(Recorded data)
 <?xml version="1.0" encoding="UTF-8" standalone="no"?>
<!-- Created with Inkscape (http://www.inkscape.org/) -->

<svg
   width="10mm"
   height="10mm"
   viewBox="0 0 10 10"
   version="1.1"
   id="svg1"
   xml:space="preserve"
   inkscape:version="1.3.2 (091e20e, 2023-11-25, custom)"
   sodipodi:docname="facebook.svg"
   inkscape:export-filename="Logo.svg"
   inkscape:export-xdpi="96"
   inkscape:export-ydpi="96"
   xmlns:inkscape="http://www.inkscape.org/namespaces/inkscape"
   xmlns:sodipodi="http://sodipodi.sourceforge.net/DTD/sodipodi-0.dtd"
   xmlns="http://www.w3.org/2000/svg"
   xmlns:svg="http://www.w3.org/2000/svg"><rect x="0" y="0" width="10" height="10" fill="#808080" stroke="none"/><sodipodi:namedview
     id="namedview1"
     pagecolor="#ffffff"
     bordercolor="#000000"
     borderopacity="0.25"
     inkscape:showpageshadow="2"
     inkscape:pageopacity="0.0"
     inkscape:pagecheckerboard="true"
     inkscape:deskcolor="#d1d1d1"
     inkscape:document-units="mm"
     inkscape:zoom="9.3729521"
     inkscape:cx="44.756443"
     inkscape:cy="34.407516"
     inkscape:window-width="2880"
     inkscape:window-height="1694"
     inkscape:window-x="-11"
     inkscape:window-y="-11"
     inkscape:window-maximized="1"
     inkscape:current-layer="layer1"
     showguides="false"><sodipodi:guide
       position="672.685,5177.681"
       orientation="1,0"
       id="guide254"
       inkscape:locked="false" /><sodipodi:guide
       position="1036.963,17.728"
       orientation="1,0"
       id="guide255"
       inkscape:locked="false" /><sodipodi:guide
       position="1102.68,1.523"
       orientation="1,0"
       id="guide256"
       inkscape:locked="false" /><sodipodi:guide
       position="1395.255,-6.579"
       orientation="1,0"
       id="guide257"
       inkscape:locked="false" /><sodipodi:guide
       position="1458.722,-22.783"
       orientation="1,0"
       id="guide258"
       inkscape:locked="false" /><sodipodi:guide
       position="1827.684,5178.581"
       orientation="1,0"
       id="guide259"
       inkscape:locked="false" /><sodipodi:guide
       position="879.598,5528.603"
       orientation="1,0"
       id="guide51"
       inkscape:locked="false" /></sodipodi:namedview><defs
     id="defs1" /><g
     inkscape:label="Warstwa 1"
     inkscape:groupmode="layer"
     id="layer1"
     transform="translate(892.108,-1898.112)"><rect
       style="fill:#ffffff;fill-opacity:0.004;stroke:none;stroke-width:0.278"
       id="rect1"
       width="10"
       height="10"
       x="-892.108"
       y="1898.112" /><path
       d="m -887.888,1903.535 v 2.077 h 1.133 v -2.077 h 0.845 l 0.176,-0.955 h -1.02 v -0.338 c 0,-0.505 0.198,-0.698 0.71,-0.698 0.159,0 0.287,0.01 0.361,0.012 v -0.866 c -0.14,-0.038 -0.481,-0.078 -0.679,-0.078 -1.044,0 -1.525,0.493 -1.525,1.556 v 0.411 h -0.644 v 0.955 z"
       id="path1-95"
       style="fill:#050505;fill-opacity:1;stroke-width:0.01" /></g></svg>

What the task requires → Could you copy every record above exactly as it appears?

Solution →
 <?xml version="1.0" encoding="UTF-8" standalone="no"?>
<!-- Created with Inkscape (http://www.inkscape.org/) -->

<svg
   width="10mm"
   height="10mm"
   viewBox="0 0 10 10"
   version="1.1"
   id="svg1"
   xml:space="preserve"
   inkscape:version="1.3.2 (091e20e, 2023-11-25, custom)"
   sodipodi:docname="facebook.svg"
   inkscape:export-filename="Logo.svg"
   inkscape:export-xdpi="96"
   inkscape:export-ydpi="96"
   xmlns:inkscape="http://www.inkscape.org/namespaces/inkscape"
   xmlns:sodipodi="http://sodipodi.sourceforge.net/DTD/sodipodi-0.dtd"
   xmlns="http://www.w3.org/2000/svg"
   xmlns:svg="http://www.w3.org/2000/svg"><rect x="0" y="0" width="10" height="10" fill="#808080" stroke="none"/><sodipodi:namedview
     id="namedview1"
     pagecolor="#ffffff"
     bordercolor="#000000"
     borderopacity="0.25"
     inkscape:showpageshadow="2"
     inkscape:pageopacity="0.0"
     inkscape:pagecheckerboard="true"
     inkscape:deskcolor="#d1d1d1"
     inkscape:document-units="mm"
     inkscape:zoom="9.3729521"
     inkscape:cx="44.756443"
     inkscape:cy="34.407516"
     inkscape:window-width="2880"
     inkscape:window-height="1694"
     inkscape:window-x="-11"
     inkscape:window-y="-11"
     inkscape:window-maximized="1"
     inkscape:current-layer="layer1"
     showguides="false"><sodipodi:guide
       position="672.685,5177.681"
       orientation="1,0"
       id="guide254"
       inkscape:locked="false" /><sodipodi:guide
       position="1036.963,17.728"
       orientation="1,0"
       id="guide255"
       inkscape:locked="false" /><sodipodi:guide
       position="1102.68,1.523"
       orientation="1,0"
       id="guide256"
       inkscape:locked="false" /><sodipodi:guide
       position="1395.255,-6.579"
       orientation="1,0"
       id="guide257"
       inkscape:locked="false" /><sodipodi:guide
       position="1458.722,-22.783"
       orientation="1,0"
       id="guide258"
       inkscape:locked="false" /><sodipodi:guide
       position="1827.684,5178.581"
       orientation="1,0"
       id="guide259"
       inkscape:locked="false" /><sodipodi:guide
       position="879.598,5528.603"
       orientation="1,0"
       id="guide51"
       inkscape:locked="false" /></sodipodi:namedview><defs
     id="defs1" /><g
     inkscape:label="Warstwa 1"
     inkscape:groupmode="layer"
     id="layer1"
     transform="translate(892.108,-1898.112)"><rect
       style="fill:#ffffff;fill-opacity:0.004;stroke:none;stroke-width:0.278"
       id="rect1"
       width="10"
       height="10"
       x="-892.108"
       y="1898.112" /><path
       d="m -887.888,1903.535 v 2.077 h 1.133 v -2.077 h 0.845 l 0.176,-0.955 h -1.02 v -0.338 c 0,-0.505 0.198,-0.698 0.71,-0.698 0.159,0 0.287,0.01 0.361,0.012 v -0.866 c -0.14,-0.038 -0.481,-0.078 -0.679,-0.078 -1.044,0 -1.525,0.493 -1.525,1.556 v 0.411 h -0.644 v 0.955 z"
       id="path1-95"
       style="fill:#050505;fill-opacity:1;stroke-width:0.01" /></g></svg>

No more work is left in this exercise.